> SOURCE MATERIAL
□ □ □ □ □ □ □
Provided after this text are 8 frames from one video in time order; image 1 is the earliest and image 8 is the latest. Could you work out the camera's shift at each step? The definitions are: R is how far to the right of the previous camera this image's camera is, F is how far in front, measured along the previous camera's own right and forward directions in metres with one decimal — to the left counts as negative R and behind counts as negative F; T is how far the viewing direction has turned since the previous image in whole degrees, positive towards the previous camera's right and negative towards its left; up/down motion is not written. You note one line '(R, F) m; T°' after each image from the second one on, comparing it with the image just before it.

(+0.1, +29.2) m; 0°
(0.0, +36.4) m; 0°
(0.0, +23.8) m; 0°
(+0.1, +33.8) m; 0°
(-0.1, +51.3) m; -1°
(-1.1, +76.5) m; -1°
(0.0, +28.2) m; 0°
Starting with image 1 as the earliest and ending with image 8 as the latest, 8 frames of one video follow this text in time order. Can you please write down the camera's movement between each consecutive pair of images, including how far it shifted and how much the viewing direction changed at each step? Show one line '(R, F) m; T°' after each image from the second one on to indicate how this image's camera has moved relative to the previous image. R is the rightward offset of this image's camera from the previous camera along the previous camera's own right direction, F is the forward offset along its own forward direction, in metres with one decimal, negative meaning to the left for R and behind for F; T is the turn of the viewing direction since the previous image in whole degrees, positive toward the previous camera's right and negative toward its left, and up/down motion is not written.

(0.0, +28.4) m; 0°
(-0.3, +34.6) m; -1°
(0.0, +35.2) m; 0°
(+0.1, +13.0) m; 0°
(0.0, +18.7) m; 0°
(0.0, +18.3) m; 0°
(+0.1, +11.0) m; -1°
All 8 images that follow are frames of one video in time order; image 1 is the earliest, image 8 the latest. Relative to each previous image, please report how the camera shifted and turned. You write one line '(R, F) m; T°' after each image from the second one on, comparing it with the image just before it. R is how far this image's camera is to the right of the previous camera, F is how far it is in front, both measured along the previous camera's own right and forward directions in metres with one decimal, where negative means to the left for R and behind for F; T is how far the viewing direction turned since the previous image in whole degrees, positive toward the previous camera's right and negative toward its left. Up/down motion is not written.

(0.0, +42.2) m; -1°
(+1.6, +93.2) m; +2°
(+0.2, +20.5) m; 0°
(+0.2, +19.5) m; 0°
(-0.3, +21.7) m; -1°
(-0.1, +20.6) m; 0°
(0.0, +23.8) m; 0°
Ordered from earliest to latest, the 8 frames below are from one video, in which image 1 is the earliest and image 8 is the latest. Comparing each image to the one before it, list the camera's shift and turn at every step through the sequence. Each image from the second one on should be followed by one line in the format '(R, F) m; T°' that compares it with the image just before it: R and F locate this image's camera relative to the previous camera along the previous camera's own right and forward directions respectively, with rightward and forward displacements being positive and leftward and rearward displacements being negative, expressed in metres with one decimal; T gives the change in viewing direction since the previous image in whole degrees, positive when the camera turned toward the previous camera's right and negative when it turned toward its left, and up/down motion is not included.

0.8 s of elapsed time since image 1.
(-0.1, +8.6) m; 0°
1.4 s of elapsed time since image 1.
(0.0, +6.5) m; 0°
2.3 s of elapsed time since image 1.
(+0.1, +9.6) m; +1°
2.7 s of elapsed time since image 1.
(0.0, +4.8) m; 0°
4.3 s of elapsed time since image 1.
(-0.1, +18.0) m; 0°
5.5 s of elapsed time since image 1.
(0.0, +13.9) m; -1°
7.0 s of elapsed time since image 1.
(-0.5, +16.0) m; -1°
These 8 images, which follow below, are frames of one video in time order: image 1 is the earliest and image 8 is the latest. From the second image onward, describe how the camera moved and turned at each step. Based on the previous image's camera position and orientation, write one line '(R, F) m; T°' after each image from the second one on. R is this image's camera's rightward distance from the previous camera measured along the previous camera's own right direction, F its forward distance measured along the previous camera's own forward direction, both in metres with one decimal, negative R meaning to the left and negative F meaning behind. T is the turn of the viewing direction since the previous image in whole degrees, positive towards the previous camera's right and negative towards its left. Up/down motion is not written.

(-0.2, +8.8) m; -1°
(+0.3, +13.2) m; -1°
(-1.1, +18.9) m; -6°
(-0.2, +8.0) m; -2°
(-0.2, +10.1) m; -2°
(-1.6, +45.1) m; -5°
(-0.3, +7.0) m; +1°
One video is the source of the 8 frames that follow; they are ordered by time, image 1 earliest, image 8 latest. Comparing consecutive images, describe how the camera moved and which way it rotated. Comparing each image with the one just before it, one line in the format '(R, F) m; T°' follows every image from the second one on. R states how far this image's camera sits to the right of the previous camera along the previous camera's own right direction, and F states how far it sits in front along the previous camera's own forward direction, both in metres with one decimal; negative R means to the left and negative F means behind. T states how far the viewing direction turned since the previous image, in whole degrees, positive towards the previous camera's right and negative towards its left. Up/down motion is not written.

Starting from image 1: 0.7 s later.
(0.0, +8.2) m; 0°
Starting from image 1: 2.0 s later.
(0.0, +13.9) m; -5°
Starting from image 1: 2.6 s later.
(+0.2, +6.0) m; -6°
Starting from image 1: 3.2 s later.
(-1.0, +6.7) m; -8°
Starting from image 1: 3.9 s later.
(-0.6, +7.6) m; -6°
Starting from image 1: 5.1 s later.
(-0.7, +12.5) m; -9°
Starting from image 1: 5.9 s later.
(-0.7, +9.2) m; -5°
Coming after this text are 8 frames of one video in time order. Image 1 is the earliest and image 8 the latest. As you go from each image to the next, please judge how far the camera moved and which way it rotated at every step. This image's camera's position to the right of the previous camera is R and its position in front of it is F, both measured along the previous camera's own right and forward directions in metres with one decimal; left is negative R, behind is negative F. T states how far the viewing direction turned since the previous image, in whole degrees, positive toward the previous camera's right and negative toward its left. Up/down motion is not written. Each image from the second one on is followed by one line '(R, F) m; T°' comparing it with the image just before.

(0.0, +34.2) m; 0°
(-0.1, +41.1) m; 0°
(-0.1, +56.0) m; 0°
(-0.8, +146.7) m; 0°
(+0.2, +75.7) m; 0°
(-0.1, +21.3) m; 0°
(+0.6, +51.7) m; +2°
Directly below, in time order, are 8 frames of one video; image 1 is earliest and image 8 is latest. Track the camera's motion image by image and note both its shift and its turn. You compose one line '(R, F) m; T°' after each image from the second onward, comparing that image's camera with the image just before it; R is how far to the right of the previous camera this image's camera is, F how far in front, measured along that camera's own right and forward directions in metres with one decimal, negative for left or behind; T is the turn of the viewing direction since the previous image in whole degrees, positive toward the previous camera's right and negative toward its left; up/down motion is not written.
□ □ □ □ □ □ □
> EXERCISE INSTRUCTIONS
Repeat the data above, word for word.

> YOUR SOLUTION
Provided after this text are 8 frames from one video in time order; image 1 is the earliest and image 8 is the latest. Could you work out the camera's shift at each step? The definitions are: R is how far to the right of the previous camera this image's camera is, F is how far in front, measured along the previous camera's own right and forward directions in metres with one decimal — to the left counts as negative R and behind counts as negative F; T is how far the viewing direction has turned since the previous image in whole degrees, positive towards the previous camera's right and negative towards its left; up/down motion is not written. You note one line '(R, F) m; T°' after each image from the second one on, comparing it with the image just before it.

(+0.1, +29.2) m; 0°
(0.0, +36.4) m; 0°
(0.0, +23.8) m; 0°
(+0.1, +33.8) m; 0°
(-0.1, +51.3) m; -1°
(-1.1, +76.5) m; -1°
(0.0, +28.2) m; 0°
Starting with image 1 as the earliest and ending with image 8 as the latest, 8 frames of one video follow this text in time order. Can you please write down the camera's movement between each consecutive pair of images, including how far it shifted and how much the viewing direction changed at each step? Show one line '(R, F) m; T°' after each image from the second one on to indicate how this image's camera has moved relative to the previous image. R is the rightward offset of this image's camera from the previous camera along the previous camera's own right direction, F is the forward offset along its own forward direction, in metres with one decimal, negative meaning to the left for R and behind for F; T is the turn of the viewing direction since the previous image in whole degrees, positive toward the previous camera's right and negative toward its left, and up/down motion is not written.

(0.0, +28.4) m; 0°
(-0.3, +34.6) m; -1°
(0.0, +35.2) m; 0°
(+0.1, +13.0) m; 0°
(0.0, +18.7) m; 0°
(0.0, +18.3) m; 0°
(+0.1, +11.0) m; -1°
All 8 images that follow are frames of one video in time order; image 1 is the earliest, image 8 the latest. Relative to each previous image, please report how the camera shifted and turned. You write one line '(R, F) m; T°' after each image from the second one on, comparing it with the image just before it. R is how far this image's camera is to the right of the previous camera, F is how far it is in front, both measured along the previous camera's own right and forward directions in metres with one decimal, where negative means to the left for R and behind for F; T is how far the viewing direction turned since the previous image in whole degrees, positive toward the previous camera's right and negative toward its left. Up/down motion is not written.

(0.0, +42.2) m; -1°
(+1.6, +93.2) m; +2°
(+0.2, +20.5) m; 0°
(+0.2, +19.5) m; 0°
(-0.3, +21.7) m; -1°
(-0.1, +20.6) m; 0°
(0.0, +23.8) m; 0°
Ordered from earliest to latest, the 8 frames below are from one video, in which image 1 is the earliest and image 8 is the latest. Comparing each image to the one before it, list the camera's shift and turn at every step through the sequence. Each image from the second one on should be followed by one line in the format '(R, F) m; T°' that compares it with the image just before it: R and F locate this image's camera relative to the previous camera along the previous camera's own right and forward directions respectively, with rightward and forward displacements being positive and leftward and rearward displacements being negative, expressed in metres with one decimal; T gives the change in viewing direction since the previous image in whole degrees, positive when the camera turned toward the previous camera's right and negative when it turned toward its left, and up/down motion is not included.

0.8 s of elapsed time since image 1.
(-0.1, +8.6) m; 0°
1.4 s of elapsed time since image 1.
(0.0, +6.5) m; 0°
2.3 s of elapsed time since image 1.
(+0.1, +9.6) m; +1°
2.7 s of elapsed time since image 1.
(0.0, +4.8) m; 0°
4.3 s of elapsed time since image 1.
(-0.1, +18.0) m; 0°
5.5 s of elapsed time since image 1.
(0.0, +13.9) m; -1°
7.0 s of elapsed time since image 1.
(-0.5, +16.0) m; -1°
These 8 images, which follow below, are frames of one video in time order: image 1 is the earliest and image 8 is the latest. From the second image onward, describe how the camera moved and turned at each step. Based on the previous image's camera position and orientation, write one line '(R, F) m; T°' after each image from the second one on. R is this image's camera's rightward distance from the previous camera measured along the previous camera's own right direction, F its forward distance measured along the previous camera's own forward direction, both in metres with one decimal, negative R meaning to the left and negative F meaning behind. T is the turn of the viewing direction since the previous image in whole degrees, positive towards the previous camera's right and negative towards its left. Up/down motion is not written.

(-0.2, +8.8) m; -1°
(+0.3, +13.2) m; -1°
(-1.1, +18.9) m; -6°
(-0.2, +8.0) m; -2°
(-0.2, +10.1) m; -2°
(-1.6, +45.1) m; -5°
(-0.3, +7.0) m; +1°
One video is the source of the 8 frames that follow; they are ordered by time, image 1 earliest, image 8 latest. Comparing consecutive images, describe how the camera moved and which way it rotated. Comparing each image with the one just before it, one line in the format '(R, F) m; T°' follows every image from the second one on. R states how far this image's camera sits to the right of the previous camera along the previous camera's own right direction, and F states how far it sits in front along the previous camera's own forward direction, both in metres with one decimal; negative R means to the left and negative F means behind. T states how far the viewing direction turned since the previous image, in whole degrees, positive towards the previous camera's right and negative towards its left. Up/down motion is not written.

Starting from image 1: 0.7 s later.
(0.0, +8.2) m; 0°
Starting from image 1: 2.0 s later.
(0.0, +13.9) m; -5°
Starting from image 1: 2.6 s later.
(+0.2, +6.0) m; -6°
Starting from image 1: 3.2 s later.
(-1.0, +6.7) m; -8°
Starting from image 1: 3.9 s later.
(-0.6, +7.6) m; -6°
Starting from image 1: 5.1 s later.
(-0.7, +12.5) m; -9°
Starting from image 1: 5.9 s later.
(-0.7, +9.2) m; -5°
Coming after this text are 8 frames of one video in time order. Image 1 is the earliest and image 8 the latest. As you go from each image to the next, please judge how far the camera moved and which way it rotated at every step. This image's camera's position to the right of the previous camera is R and its position in front of it is F, both measured along the previous camera's own right and forward directions in metres with one decimal; left is negative R, behind is negative F. T states how far the viewing direction turned since the previous image, in whole degrees, positive toward the previous camera's right and negative toward its left. Up/down motion is not written. Each image from the second one on is followed by one line '(R, F) m; T°' comparing it with the image just before.

(0.0, +34.2) m; 0°
(-0.1, +41.1) m; 0°
(-0.1, +56.0) m; 0°
(-0.8, +146.7) m; 0°
(+0.2, +75.7) m; 0°
(-0.1, +21.3) m; 0°
(+0.6, +51.7) m; +2°
Directly below, in time order, are 8 frames of one video; image 1 is earliest and image 8 is latest. Track the camera's motion image by image and note both its shift and its turn. You compose one line '(R, F) m; T°' after each image from the second onward, comparing that image's camera with the image just before it; R is how far to the right of the previous camera this image's camera is, F how far in front, measured along that camera's own right and forward directions in metres with one decimal, negative for left or behind; T is the turn of the viewing direction since the previous image in whole degrees, positive toward the previous camera's right and negative toward its left; up/down motion is not written.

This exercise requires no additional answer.